Go over the records and copy every line with the string "linearGradient".

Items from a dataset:
######
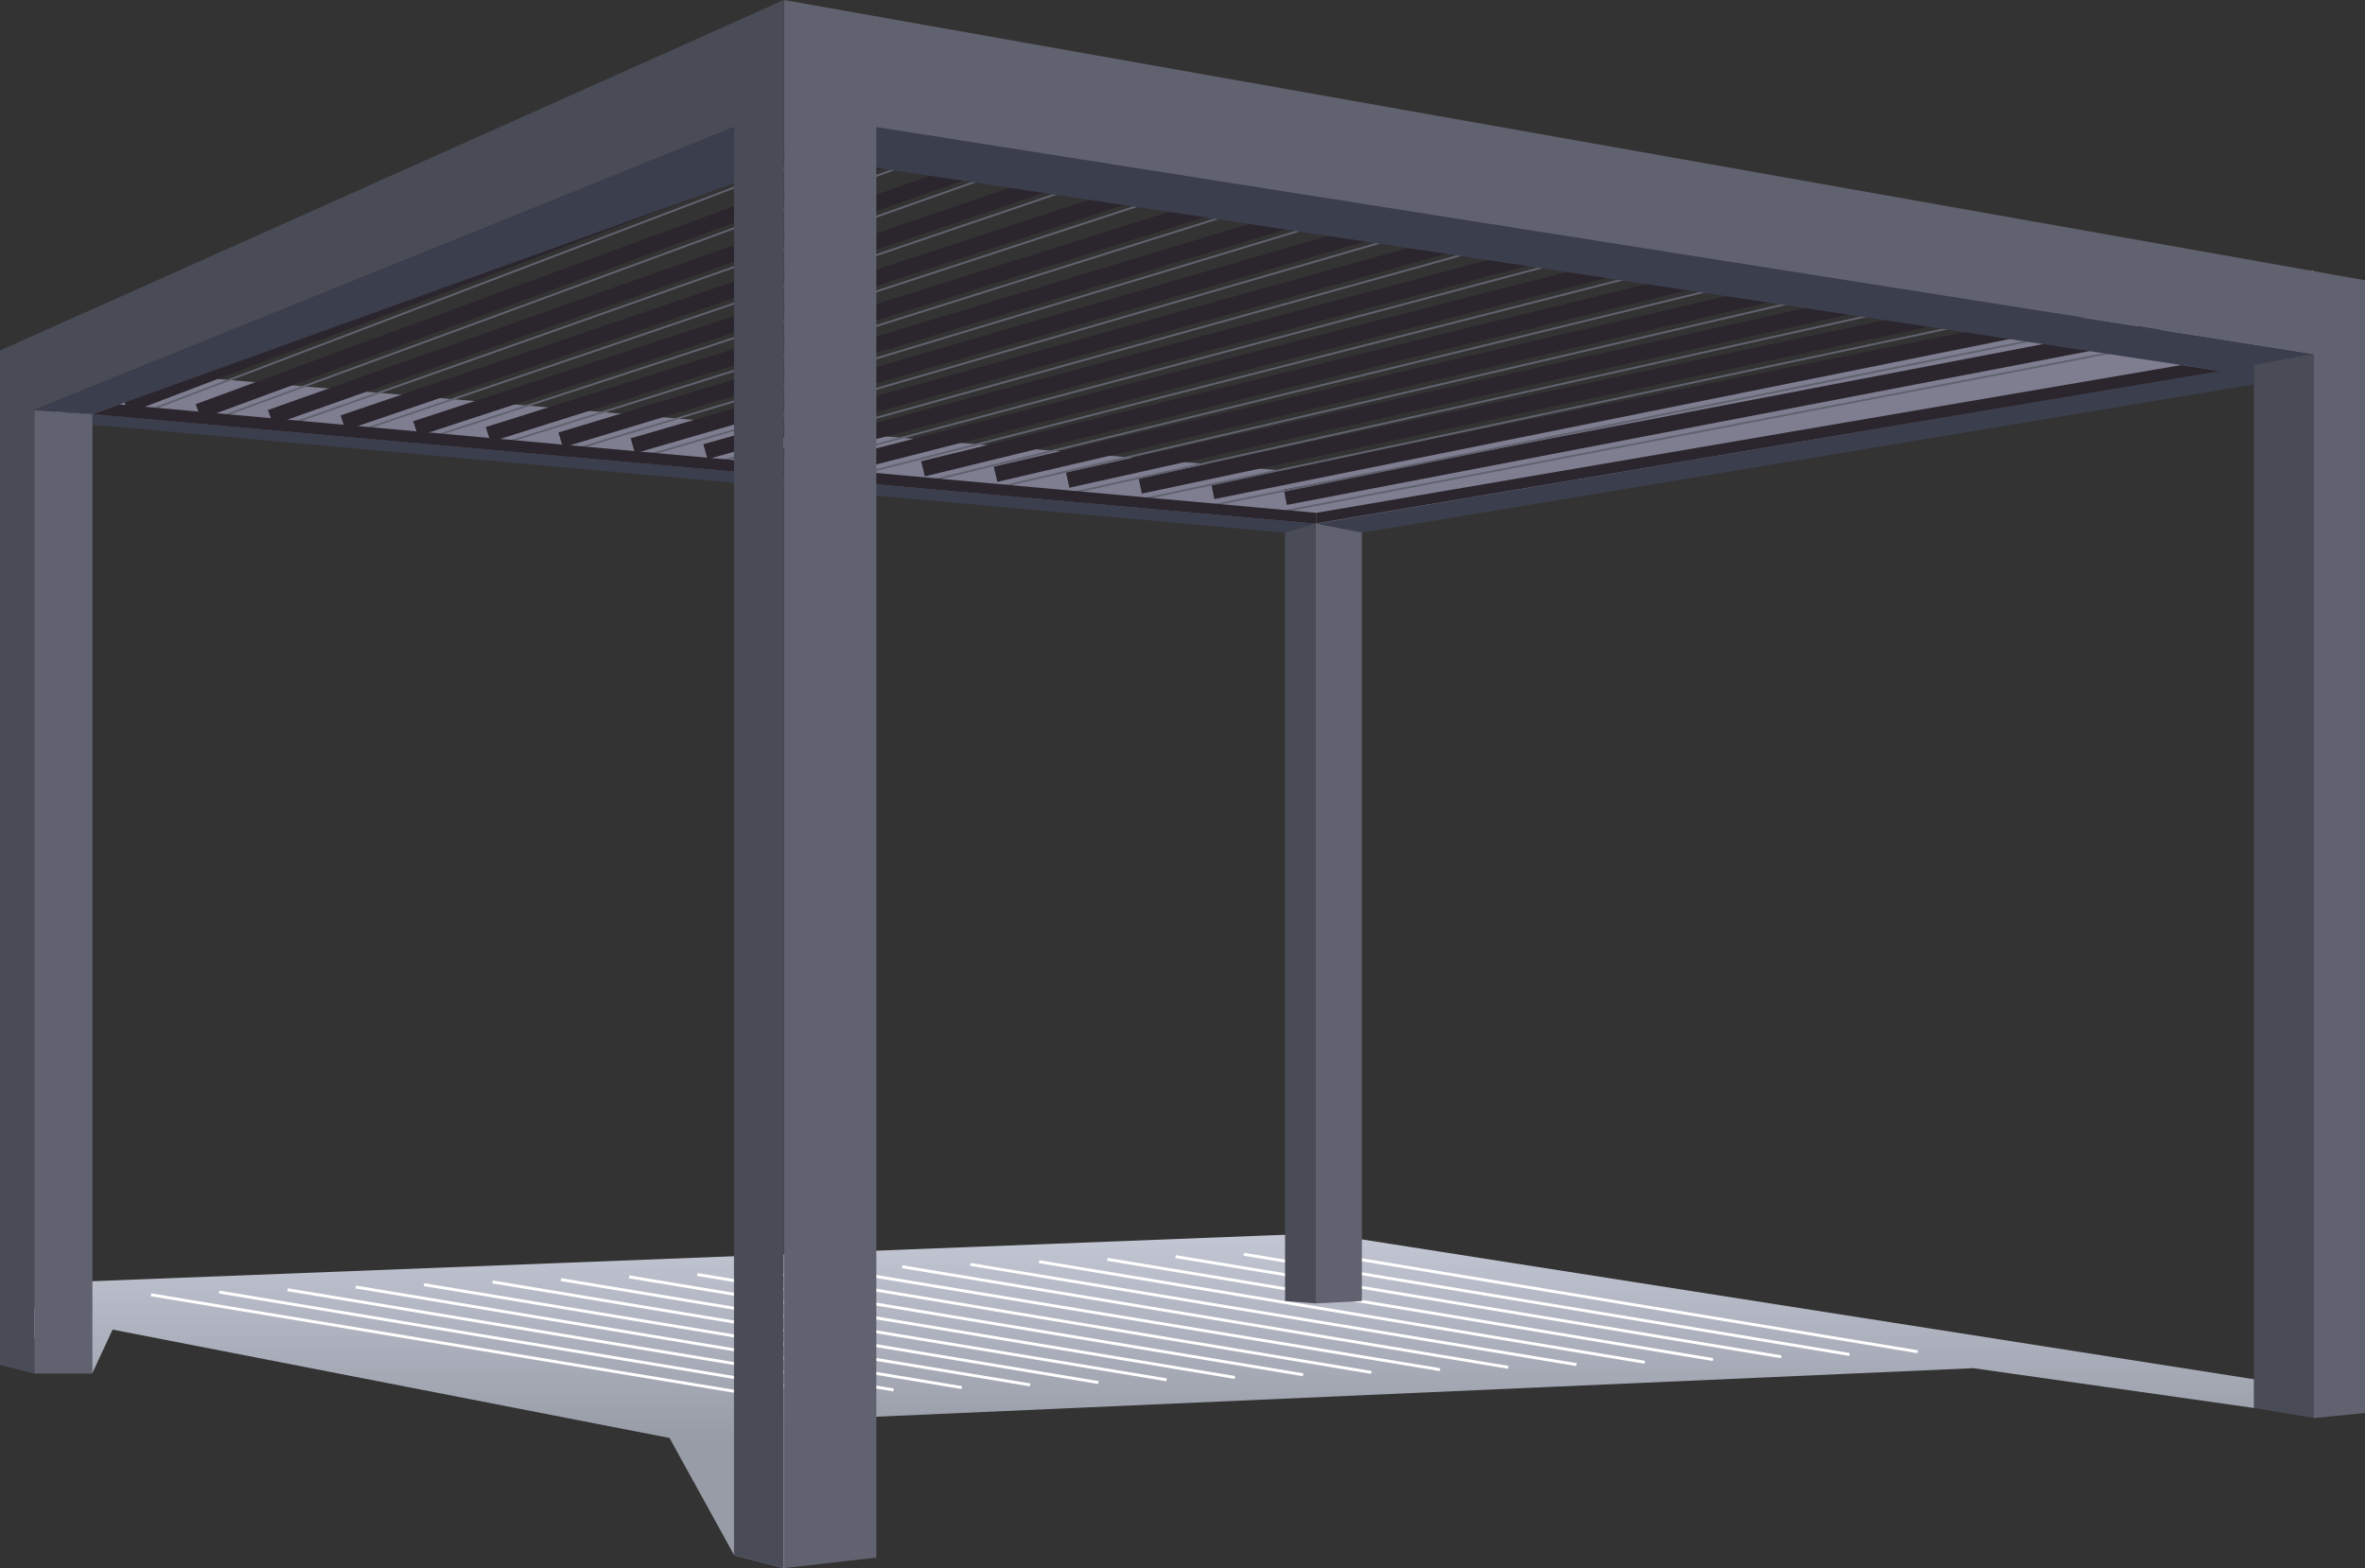 <?xml version="1.0" encoding="utf-8"?>
<!-- Generator: Adobe Illustrator 25.4.1, SVG Export Plug-In . SVG Version: 6.00 Build 0)  -->
<svg version="1.1" id="Calque_1" xmlns="http://www.w3.org/2000/svg" xmlns:xlink="http://www.w3.org/1999/xlink" x="0px" y="0px"
	 viewBox="0 0 606.4 402.2" style="enable-background:new 0 0 606.4 402.2;" xml:space="preserve">
<rect x="0" y="0" width="606.4" height="402.2" fill="#333333" stroke="none"/>
<style type="text/css">
	.st0{fill:url(#Tracé_85_00000173131572652795253700000000329323135048978064_);}
	.st1{fill:none;stroke:#FFFFFF;stroke-width:0.75;stroke-miterlimit:10;}
	.st2{fill:#7E7E90;}
	.st3{fill:none;stroke:#2B252D;stroke-width:4;stroke-miterlimit:10;}
	.st4{fill:none;stroke:#61626F;stroke-width:0.5;stroke-miterlimit:10;}
	.st5{fill:#3B3E4D;}
	.st6{fill:#2B252D;}
	.st7{fill:#494B56;}
	.st8{fill:#61626F;}
</style>
<g id="Groupe_82" transform="translate(-204.5 -195.789)">
	<g id="Ombre" transform="translate(209.766 512.103)">
		
			<linearGradient id="Tracé_85_00000018947709627906010130000017922135721358716599_" gradientUnits="userSpaceOnUse" x1="247.802" y1="-58.615" x2="247.802" y2="-59.238" gradientTransform="matrix(585.812 0 0 -85.87 -144872.547 -5034.165)">
			<stop  offset="0" style="stop-color:#C4C8D5"/>
			<stop  offset="1" style="stop-color:#989CA7"/>
		</linearGradient>
		<path id="Tracé_85" style="fill:url(#Tracé_85_00000018947709627906010130000017922135721358716599_);" d="M572.6,44.8
			l-71.9-10.2L211.5,47.4l-15.8,38.5L183,82.6l-16.6-30.1L23.6,24.7l-5.2,11.2L0,24.7l7.9-12L333.9,0l251.9,39.5L572.6,44.8z"/>
		<g id="Groupe_79" transform="translate(33.451 4.681)">
			<line id="Ligne_96" class="st1" x1="453" y1="25.7" x2="297.7" y2="0"/>
			<line id="Ligne_97" class="st1" x1="435.5" y1="26.4" x2="280.2" y2="0.7"/>
			<line id="Ligne_98" class="st1" x1="418" y1="27" x2="262.7" y2="1.3"/>
			<line id="Ligne_99" class="st1" x1="400.5" y1="27.7" x2="245.2" y2="2"/>
			<line id="Ligne_100" class="st1" x1="383" y1="28.4" x2="227.7" y2="2.6"/>
			<line id="Ligne_101" class="st1" x1="365.5" y1="29" x2="210.1" y2="3.3"/>
			<line id="Ligne_102" class="st1" x1="348" y1="29.7" x2="192.6" y2="3.9"/>
			<line id="Ligne_103" class="st1" x1="330.5" y1="30.3" x2="175.1" y2="4.6"/>
			<line id="Ligne_104" class="st1" x1="312.9" y1="31" x2="157.6" y2="5.2"/>
			<line id="Ligne_105" class="st1" x1="295.4" y1="31.6" x2="140.1" y2="5.9"/>
			<line id="Ligne_106" class="st1" x1="277.9" y1="32.3" x2="122.6" y2="6.5"/>
			<line id="Ligne_107" class="st1" x1="260.4" y1="32.9" x2="105.1" y2="7.2"/>
			<line id="Ligne_108" class="st1" x1="242.9" y1="33.6" x2="87.6" y2="7.8"/>
			<line id="Ligne_109" class="st1" x1="225.4" y1="34.2" x2="70" y2="8.5"/>
			<line id="Ligne_110" class="st1" x1="207.9" y1="34.9" x2="52.5" y2="9.1"/>
			<line id="Ligne_111" class="st1" x1="190.4" y1="35.5" x2="35" y2="9.8"/>
			<line id="Ligne_112" class="st1" x1="172.9" y1="36.2" x2="17.5" y2="10.4"/>
			<line id="Ligne_113" class="st1" x1="155.3" y1="36.8" x2="0" y2="11.1"/>
		</g>
	</g>
	<g id="_1er_plan" transform="translate(204.5 195.789)">
		<g id="Calque_14" transform="translate(14.334 69.332)">
			<path id="Tracé_86" class="st2" d="M578.9,21.5V0L323.1,52.1L0,24.3v11.8l324.3,29.1L578.9,21.5z"/>
		</g>
		<g id="Calque_13" transform="translate(13.667 29.039)">
			<g id="Groupe_80">
				<line id="Ligne_114" class="st3" x1="315.9" y1="98.5" x2="540.2" y2="55.5"/>
				<line id="Ligne_115" class="st3" x1="297.3" y1="97" x2="519.4" y2="52.3"/>
				<line id="Ligne_116" class="st3" x1="278.7" y1="95.6" x2="498.5" y2="49"/>
				<line id="Ligne_117" class="st3" x1="260.1" y1="94.1" x2="477.7" y2="45.7"/>
				<line id="Ligne_118" class="st3" x1="241.6" y1="92.6" x2="456.8" y2="42.5"/>
				<line id="Ligne_119" class="st3" x1="223" y1="91.2" x2="436" y2="39.2"/>
				<line id="Ligne_120" class="st3" x1="204.4" y1="89.7" x2="415.1" y2="35.9"/>
				<line id="Ligne_121" class="st3" x1="185.8" y1="88.2" x2="394.3" y2="32.7"/>
				<line id="Ligne_122" class="st3" x1="167.2" y1="86.8" x2="373.5" y2="29.4"/>
				<line id="Ligne_123" class="st3" x1="148.6" y1="85.3" x2="352.6" y2="26.1"/>
				<line id="Ligne_124" class="st3" x1="130.1" y1="83.8" x2="331.8" y2="22.9"/>
				<line id="Ligne_125" class="st3" x1="111.5" y1="82.4" x2="310.9" y2="19.6"/>
				<line id="Ligne_126" class="st3" x1="92.9" y1="80.9" x2="290.1" y2="16.3"/>
				<line id="Ligne_127" class="st3" x1="74.3" y1="79.4" x2="269.2" y2="13.1"/>
				<line id="Ligne_128" class="st3" x1="55.7" y1="78" x2="248.4" y2="9.8"/>
				<line id="Ligne_129" class="st3" x1="37.2" y1="76.5" x2="227.5" y2="6.5"/>
				<line id="Ligne_130" class="st3" x1="18.6" y1="75" x2="206.7" y2="3.3"/>
				<line id="Ligne_131" class="st3" x1="0" y1="73.6" x2="185.8" y2="0"/>
			</g>
			<g id="Groupe_81" transform="translate(0 3.511)">
				<line id="Ligne_132" class="st4" x1="315.9" y1="98.5" x2="540.2" y2="55.5"/>
				<line id="Ligne_133" class="st4" x1="297.3" y1="97" x2="519.4" y2="52.3"/>
				<line id="Ligne_134" class="st4" x1="278.7" y1="95.6" x2="498.5" y2="49"/>
				<line id="Ligne_135" class="st4" x1="260.1" y1="94.1" x2="477.7" y2="45.7"/>
				<line id="Ligne_136" class="st4" x1="241.6" y1="92.6" x2="456.8" y2="42.5"/>
				<line id="Ligne_137" class="st4" x1="223" y1="91.2" x2="436" y2="39.2"/>
				<line id="Ligne_138" class="st4" x1="204.4" y1="89.7" x2="415.1" y2="35.9"/>
				<line id="Ligne_139" class="st4" x1="185.8" y1="88.2" x2="394.3" y2="32.7"/>
				<line id="Ligne_140" class="st4" x1="167.2" y1="86.8" x2="373.5" y2="29.4"/>
				<line id="Ligne_141" class="st4" x1="148.6" y1="85.3" x2="352.6" y2="26.1"/>
				<line id="Ligne_142" class="st4" x1="130.1" y1="83.8" x2="331.8" y2="22.9"/>
				<line id="Ligne_143" class="st4" x1="111.5" y1="82.4" x2="310.9" y2="19.6"/>
				<line id="Ligne_144" class="st4" x1="92.9" y1="80.9" x2="290.1" y2="16.3"/>
				<line id="Ligne_145" class="st4" x1="74.3" y1="79.4" x2="269.2" y2="13.1"/>
				<line id="Ligne_146" class="st4" x1="55.7" y1="78" x2="248.4" y2="9.8"/>
				<line id="Ligne_147" class="st4" x1="37.2" y1="76.5" x2="227.5" y2="6.5"/>
				<line id="Ligne_148" class="st4" x1="18.6" y1="75" x2="206.7" y2="3.3"/>
				<line id="Ligne_149" class="st4" x1="0" y1="73.6" x2="185.8" y2="0"/>
			</g>
		</g>
		<g id="Dessous" transform="translate(8.808 32.623)">
			<path id="Tracé_87" class="st5" d="M569.1,61l-240.5,40.7l11.8,2.3l228.6-38V61z"/>
			<path id="Tracé_88" class="st5" d="M328.6,101.7L14.9,73.6v2.7L320.7,104L328.6,101.7"/>
			<path id="Tracé_89" class="st5" d="M584.5,58.2l-24.1,4.3l-345-52.2L215.9,0L584.5,58.2"/>
			<path id="Tracé_90" class="st5" d="M179.4,0L0,72.5l14.9,1.1l164.6-59.3V0"/>
		</g>
		<g id="Côté_dessous" transform="translate(23.696 93.636)">
			<path id="Tracé_91" class="st6" d="M545.5,1.5L535.6,0L313.8,37.9v2.7L545.5,1.5z"/>
			<path id="Tracé_92" class="st6" d="M313.8,40.7L0,12.6l6.9-2.5l306.9,27.8V40.7"/>
		</g>
		<g id="Tranche">
			<path id="Tracé_93" class="st7" d="M201,0L0,89.9v260.2l8.8,2.2V105.1l179.4-72.5v366.3l12.7,3.3V0z"/>
			<path id="Tracé_94" class="st8" d="M201,0v402.2l23.7-2.7V32.6l368.6,58.2v272.9l13.2-1.3V71.9L201,0z"/>
			<path id="Tracé_95" class="st7" d="M593.3,90.8v272.9l-15.4-2.6V93.6L593.3,90.8z"/>
			<path id="Tracé_96" class="st7" d="M337.4,134.3l-7.9,2.3v197.1l7.9,0.6V134.3z"/>
			<path id="Tracé_97" class="st8" d="M337.4,134.3l11.8,2.3v197.1l-11.8,0.6V134.3z"/>
			<path id="Tracé_98" class="st8" d="M8.8,352.3h14.9v-246l-14.9-1.1V352.3z"/>
		</g>
	</g>
</g>
</svg>
######
## REPLY
			<linearGradient id="Tracé_85_00000018947709627906010130000017922135721358716599_" gradientUnits="userSpaceOnUse" x1="247.802" y1="-58.615" x2="247.802" y2="-59.238" gradientTransform="matrix(585.812 0 0 -85.87 -144872.547 -5034.165)">
		</linearGradient>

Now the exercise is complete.